We're Adults, I Swear

We were freshly awake and cuddling contentedly in our bed this morning, Bevan and moi, when we exchanged the following words about poop.

Bevan: I've gotta go to the bathroom.

Me: No, you can't get up yet!

Bevan: I'm sorry but I can't help it, I'm like clockwork.

Me: A clockwork brown.

Bevan: A clockwork turd!

A full minute of raucous, uncontrollable laughter ensued.

Me (catching my breath): That was dumb.

Wearing His Truth

We're enjoying nightcaps at the Midnight Sun in the Castro right now, B, Dan, Jim, Mario, Steve and I, where a few minutes ago I felt an unflappable compulsion to ask the handsome gentleman seated a few tables over from us if he would kindly trade shirts with me. Although he politely declined, he did allow me to take a picture with him and the shirt I was coveting.

Praise For "Bevan in a Onesie"

Earlier this week B asked if I'd join him on the sofa for a little Gilmore Girls action and I said I had stuff to do but that I'd be willing to set that stuff aside and watch with him under one condition—if we did so in onesies.

Although he wasn't jazzed about the idea of squeezing into a pair of my pajamas initially, his love for the peculiar population of Stars Hollow (he's secretly got the hots for Kirk) won out and in the end he relented.

While he was caught up in the episode (the one where Dean dumps Rory at the 24-hour dance-off in front of the whole town) I surreptitiously snapped the above photo and uploaded it to this web log and the next day the following Gchat convo between myself and my friend Kari took place.

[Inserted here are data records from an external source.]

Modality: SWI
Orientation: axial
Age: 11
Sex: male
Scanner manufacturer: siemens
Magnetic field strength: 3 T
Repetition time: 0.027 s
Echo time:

For whatever reason our exchange made me think that Bevan's reluctance to wear a onesie would make a good kid's book and that Kari's comments would work well as the quotes on the back of the book's jacket and then all of a sudden Photoshop was open on my desktop and, well, this happened.

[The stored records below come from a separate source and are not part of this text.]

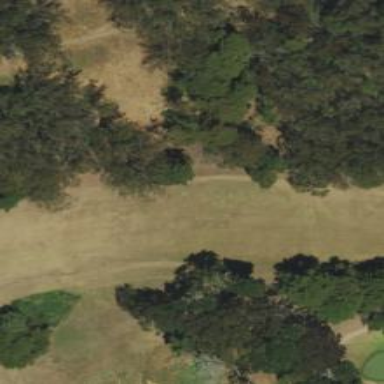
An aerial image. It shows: View of golf hole.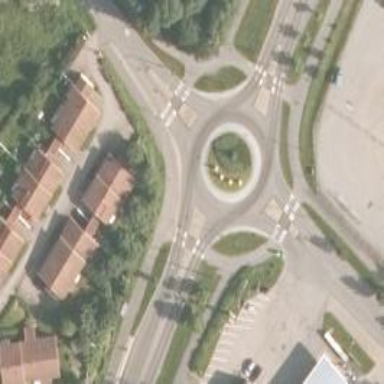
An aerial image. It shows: Tertiary road made of asphalt leading to roundabout junction.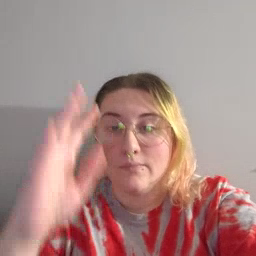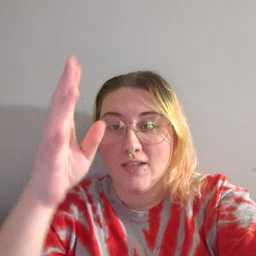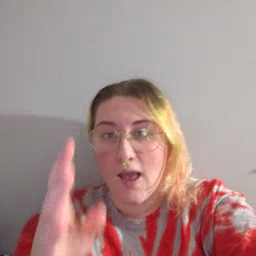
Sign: pretend

Unfortunately, I don't have any valuable takeaways from whatever this post was about except maybe that my Photoshop skills aren't as sharp as they once were and also that apparently people in Canada will be fine paying a massive premium for a copy of my made-up book about a grown man whose much-younger boyfriend manipulated him into dressing up like an elephant to watch a television show that went off the air a decade ago.